- **Given information**

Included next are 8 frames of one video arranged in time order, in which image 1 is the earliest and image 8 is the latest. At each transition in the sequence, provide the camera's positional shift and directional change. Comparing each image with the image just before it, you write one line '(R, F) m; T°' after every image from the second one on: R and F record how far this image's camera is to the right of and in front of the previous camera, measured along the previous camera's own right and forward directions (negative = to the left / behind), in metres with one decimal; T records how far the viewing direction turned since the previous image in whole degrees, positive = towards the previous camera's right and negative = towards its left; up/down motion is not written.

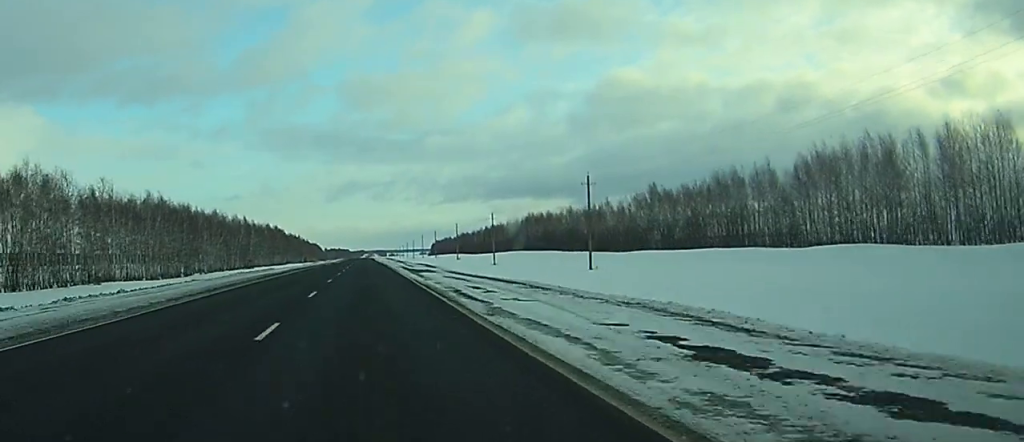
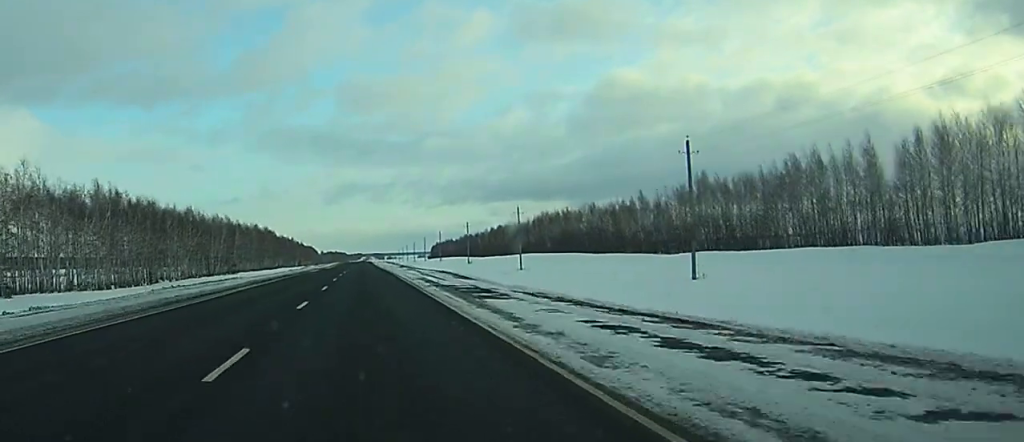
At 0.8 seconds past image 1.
(-0.3, +28.2) m; 0°
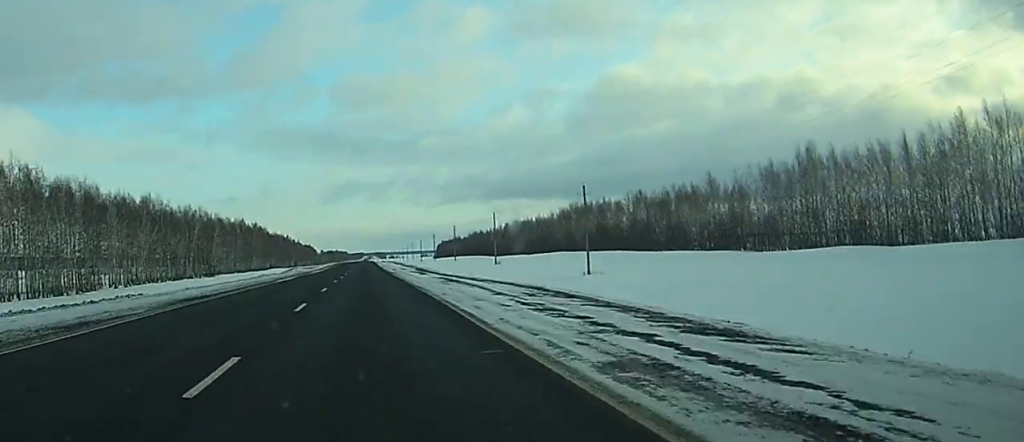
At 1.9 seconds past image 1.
(+0.4, +37.1) m; +1°
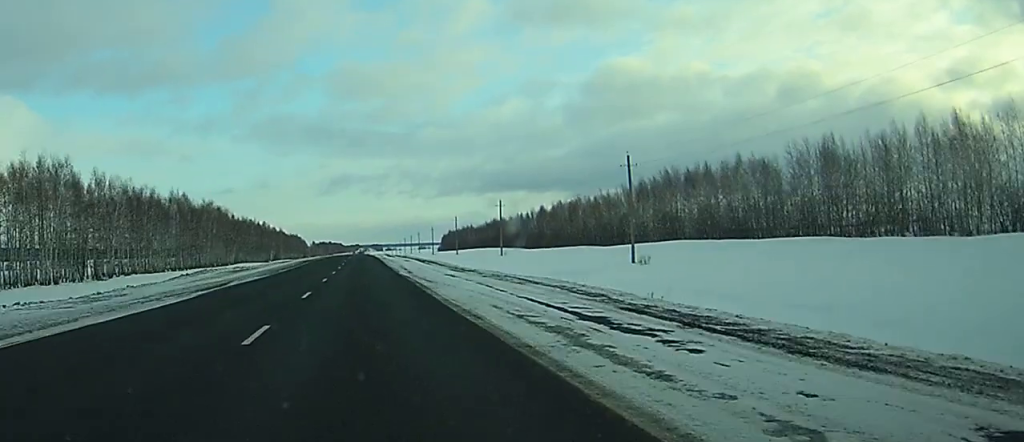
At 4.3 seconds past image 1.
(-0.1, +79.4) m; -1°
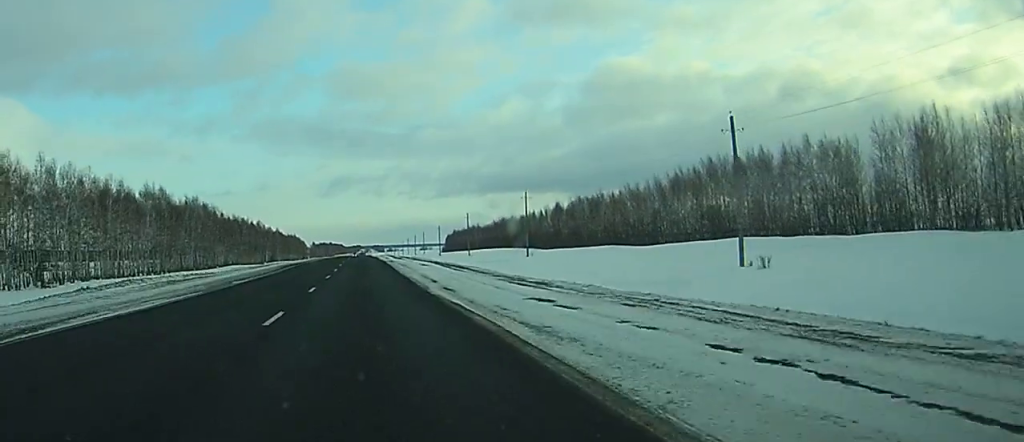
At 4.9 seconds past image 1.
(-0.1, +21.2) m; 0°
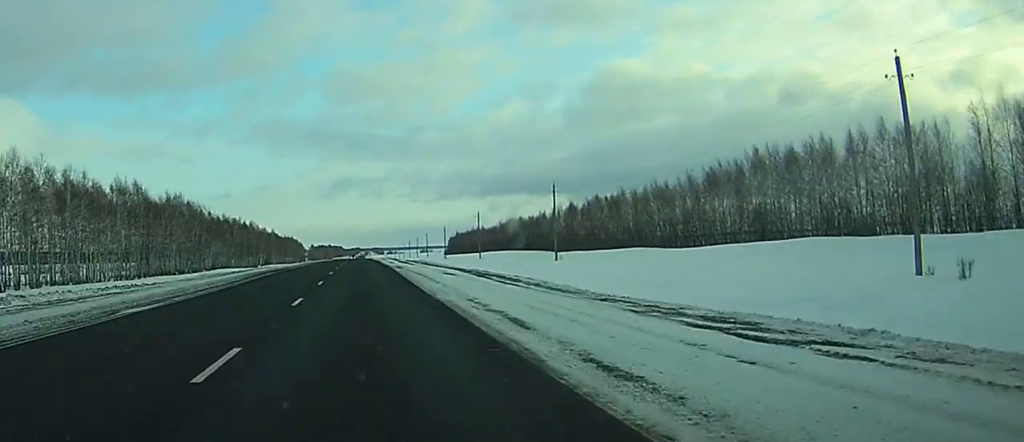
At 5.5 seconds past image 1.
(-0.1, +17.9) m; 0°
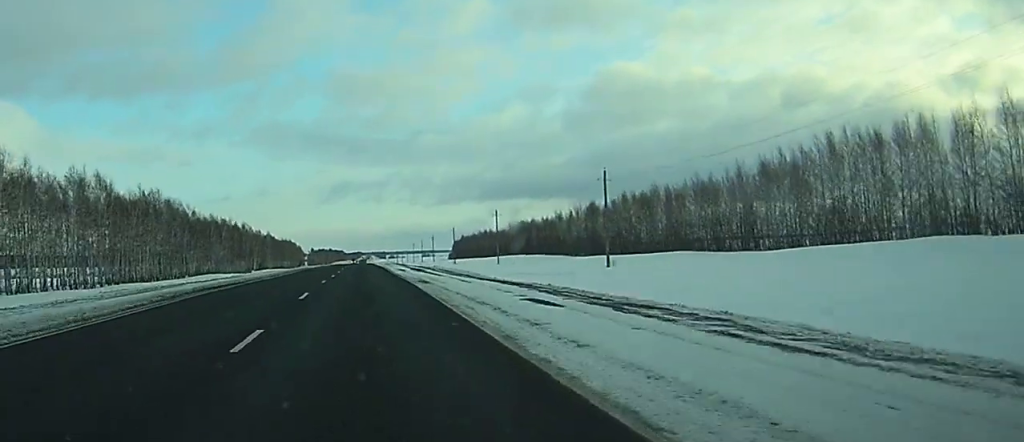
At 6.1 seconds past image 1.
(+0.2, +21.3) m; 0°
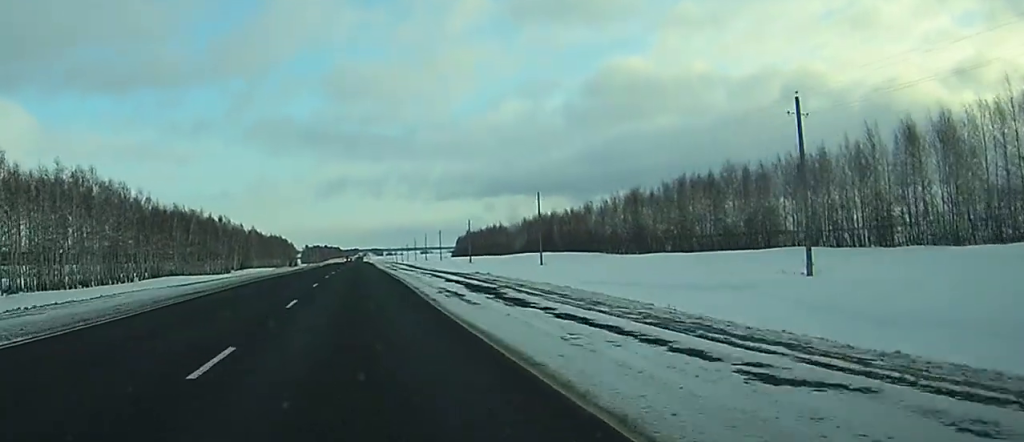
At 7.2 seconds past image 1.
(+0.1, +38.1) m; 0°

- **Description of the task**
In the listing above, transcribe exactly the lines from the line containing "At 1.9 seconds past image 1." through the last one, both included, but not the pictures.

- **Written response**
At 1.9 seconds past image 1.
(+0.4, +37.1) m; +1°
At 4.3 seconds past image 1.
(-0.1, +79.4) m; -1°
At 4.9 seconds past image 1.
(-0.1, +21.2) m; 0°
At 5.5 seconds past image 1.
(-0.1, +17.9) m; 0°
At 6.1 seconds past image 1.
(+0.2, +21.3) m; 0°
At 7.2 seconds past image 1.
(+0.1, +38.1) m; 0°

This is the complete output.